Published by , Senior Editor
Hydrocarbon Engineering,

During the spring shutdown of a hydrogen plant in northern Alberta, Canada, Mammoet was contracted to provide crane services for the planned maintenance of the high-priority facility.

The Fort McMurray team provided approximately six cranes, ranging in size from an 18 t carry deck all the way up to a 385 t crawler crane. To perform the large number of hoists required, Mammoet’s team supplied a variety of crane types, including several RT and AT cranes. At the centre of the ‘sea of red booms’ was a LR 1350 crawler crane configured with a luffing jib.

Notable within this shutdown was the presence of no fewer than five female Mammoet employees. One of the crane operators, Marley MacNeil, has been with Mammoet since 2014 and noted that “ten years ago, having five female employees on a shutdown would have been unheard of.”

MacNeil trained and operated the LR 1350 for the duration of the shutdown, an experience that she explained was an opportunity, as she rarely has the chance to work with crawler cranes. Recapping her work with the LR 1350 during the shutdown, she described it as “a highlight of my career!”

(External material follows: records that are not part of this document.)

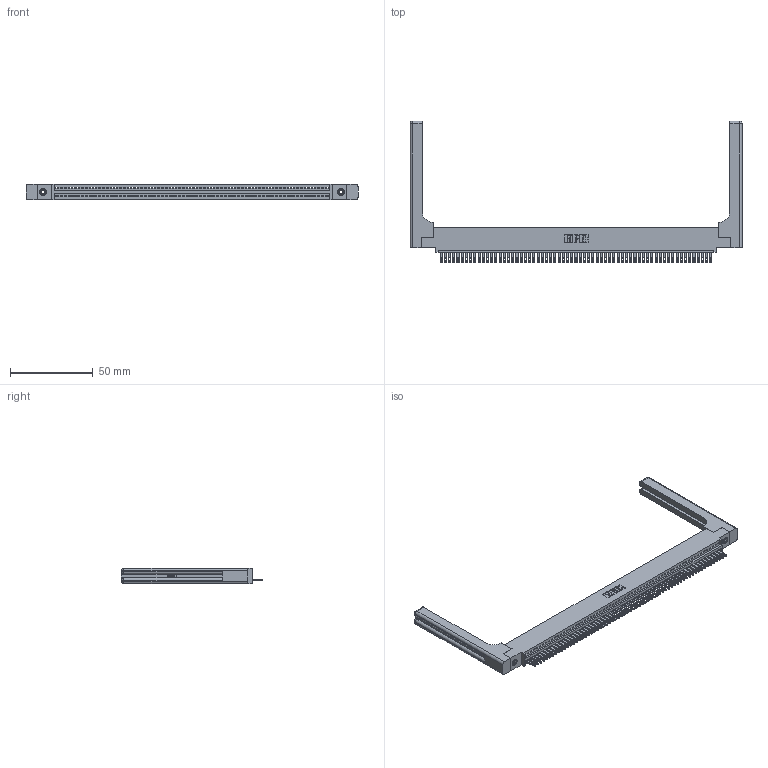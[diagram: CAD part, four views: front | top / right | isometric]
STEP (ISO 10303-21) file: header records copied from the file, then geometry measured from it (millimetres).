
FILE_DESCRIPTION (( 'STEP AP203' ), '1' );
FILE_NAME ('345-065-500-458.STEP', '2019-10-11T16:32:58', ( '' ), ( '' ), 'SwSTEP 2.0', 'SolidWorks 2016', '' );
FILE_SCHEMA (( 'CONFIG_CONTROL_DESIGN' ));
Length unit declared in the file: inch
Products named in the file (5): 345-292-001_345-293-100; 345 Part_0.110 Offset - 0.156 Dia-TH; 345-250-001_345-250-001-102; 345-220-058_345-220-058; 345-065-500-458
Assembly tree (70 placements, depth 2):
  345-065-500-458
    345 Part_0.110 Offset - 0.156 Dia-TH
    345-292-001_345-293-100  x65
    345-250-001_345-250-001-102  x2
    345-220-058_345-220-058  x2
Bounding box: 200.13 x 85.27 x 9.4 mm (x, y, z)
Volume: 27668.5 mm3; surface area: 31312.6 mm2
Topology: 70 solids, 70 shells, 3896 faces, 11939 edges, 7938 vertices
Faces by surface type: plane 2442, cylinder 1394, bspline 36, cone 12, sphere 8, torus 4
Entity records: 51068 total; most frequent: CARTESIAN_POINT 9816, ORIENTED_EDGE 8612, DIRECTION 7488, EDGE_CURVE 4306, LINE 3818, VECTOR 3818, VERTEX_POINT 2862, AXIS2_PLACEMENT_3D 1835

Known within her team for being an extremely motivated, hard worker, MacNeil is highly interested in the equipment and in further developing her expertise. When asked about her future goals in the industry, MacNeil expressed her desire to continue “learning more about cranes I don’t have much experience on, expanding my knowledge of all of Mammoet’s cranes and fine-tuning my expertise.”